Évidemment, les choses seront plus dures pour les artistes en lancement ou en développement, certains devront attendre plus longtemps. Néanmoins, chez Alias, nous venons de signer de nouveaux artistes, même si nous n’avons pas encore de perspective de tournée pour l’instant. J’entends d’ailleurs qu’Alias n’est pas la seule structure de production à signer actuellement de nouveaux artistes sur son catalogue. C’est peut-être une bonne période à ce niveau, paradoxalement !
Comment le secteur du live se prépare-t-il à reprendre ses activités, malgré un calendrier toujours provisoire ?
Le secteur du live a déjà été très affecté par la vague de terrorisme et diverses perturbations sur les transports (grèves, émeutes, etc), qui ont éloigné le public des salles. Ce nouvel obstacle, certes plus extrême, ne fait que s’ajouter à une série déjà longue. Une structure comme la nôtre, d’une quinzaine de salariés, peut survivre avec un an de manque à gagner, grâce à une année 2019 plutôt bonne, et ce malgré des pertes colossales. Si la reprise n’a pas lieu en janvier 2021, rien n’est moins sûr. On peut en tout cas être sûr que cette année blanche se fera ressentir sur au moins trois ans.

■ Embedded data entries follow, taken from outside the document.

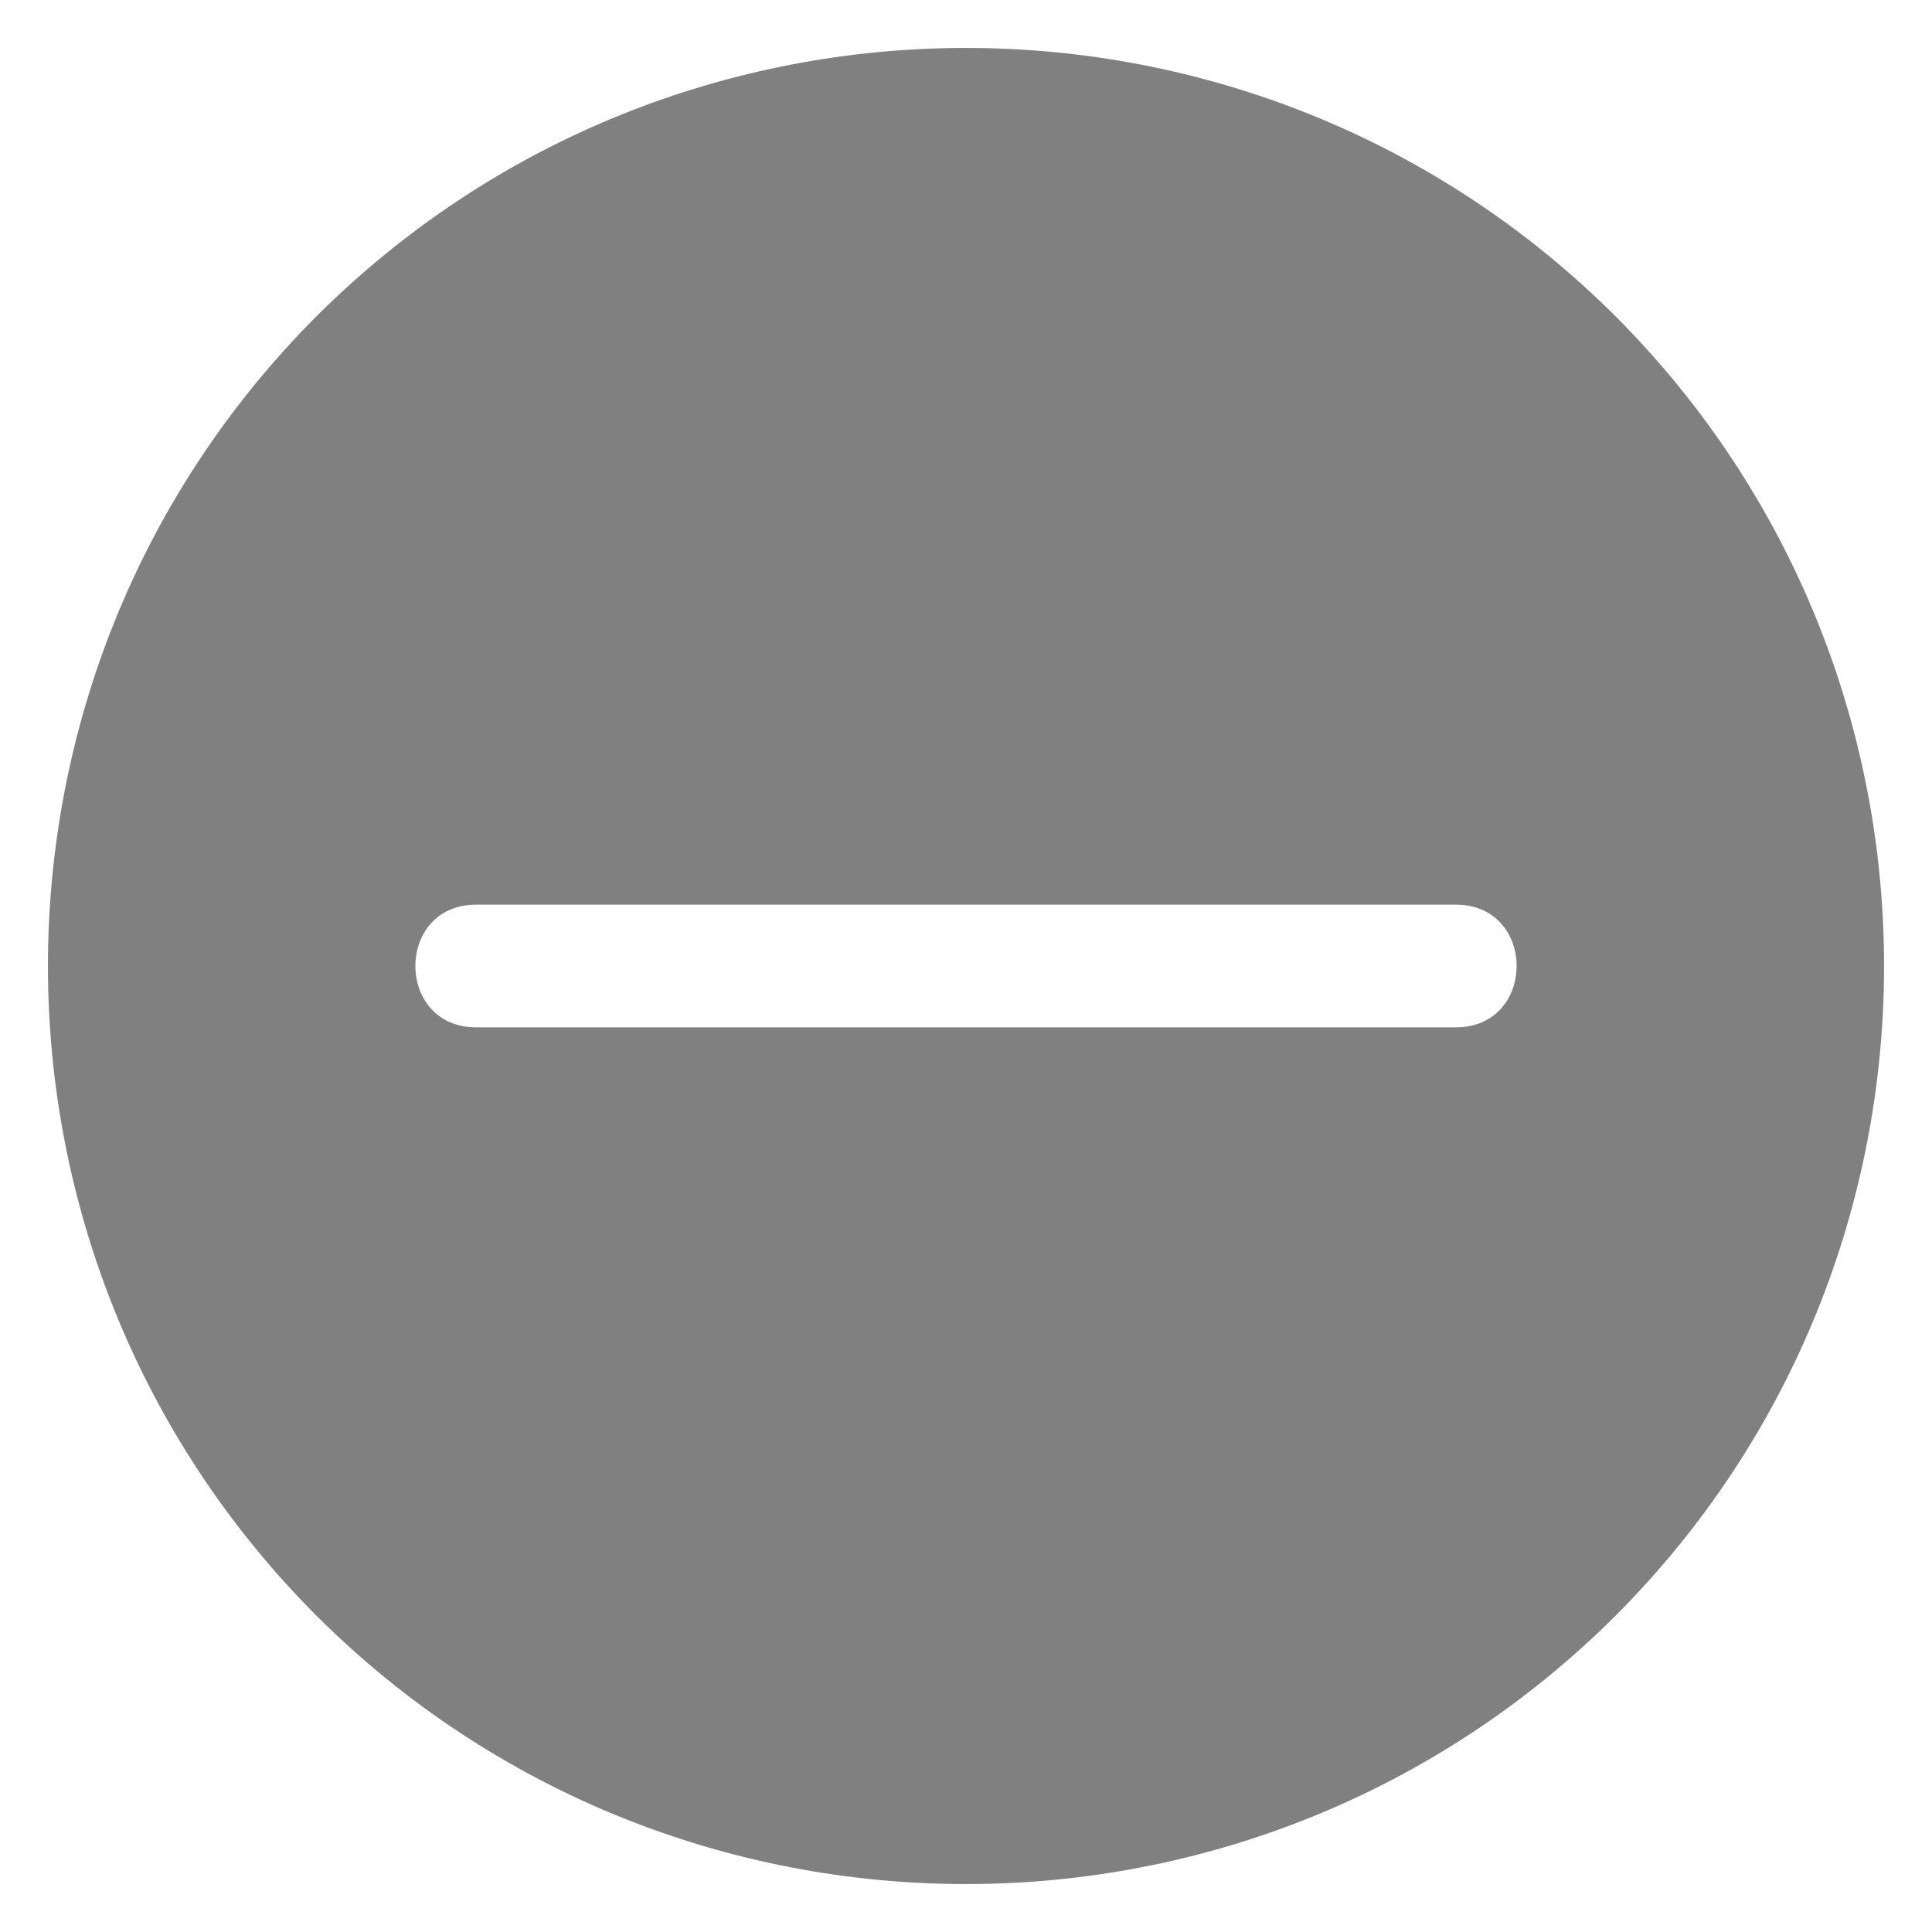 <svg version="1.2" xmlns="http://www.w3.org/2000/svg" viewBox="0 0 400 400" width="400" height="400">
	<title>icona-minus-zoom-svg</title>
	<style>
		.s0 { fill: #808080 } 
	</style>
	<path fill-rule="evenodd" class="s0" d="m334.5 334.5c-74.3 74.1-194.7 74.1-269 0-74.1-74.3-74.1-194.7 0-269 74.3-74.1 194.7-74.1 269 0 74.1 74.3 74.1 194.7 0 269zm-235.9-147.2c-16.8 0-16.8 25.4 0 25.4h202.8c16.8 0 16.8-25.4 0-25.4z"/>
</svg>

Je crains des premiers dépôts de bilan pour des petites structures dès septembre.
Nous rencontrons aussi un problème avec l’embouteillage de reports et de nouvelles dates sur la saison pour l’instant établie pour la reprise.
Nous avons payé autant que possible nos partenaires, techniciens, pour les dates qui ont été annulées, mais on ne pourra faire plus - nous devons garder de la trésorerie pour régler nos salaires, et certains dirigeants ont déjà réduit les leurs. La situation des intermittents qui collaborent avec nous, certes privilégiée par rapport aux artistes étrangers, est préoccupante : leur indemnité de base à 1 400 €, ne permet pas de vivre dans une grande ville avec une famille à charge. C’est aussi du côté des loueurs de scènes ou de matériel son et lumière que les dégâts sont alarmants.
La date de reprise étant encore incertaine, l’organiser demeure complexe. Nous avons par exemple voulu réserver 3 soirées à la Salle Pleyel pour un de nos artistes, mais ils ne peuvent confirmer l’option. Si nous ne pouvons disposer que d’une demi-jauge pour raisons sanitaires, financièrement le spectacle est infaisable, et la salle elle-même ne peut pas réduire son prix de location, elle a ses propres frais de fonctionnement à régler.
Nous rencontrons aussi un problème avec l’embouteillage de reports et de nouvelles dates sur la saison pour l’instant établie pour la reprise, à savoir hiver-printemps 2021. Il est presque déjà impossible de trouver des dates dans la plupart des salles, toutes saturées.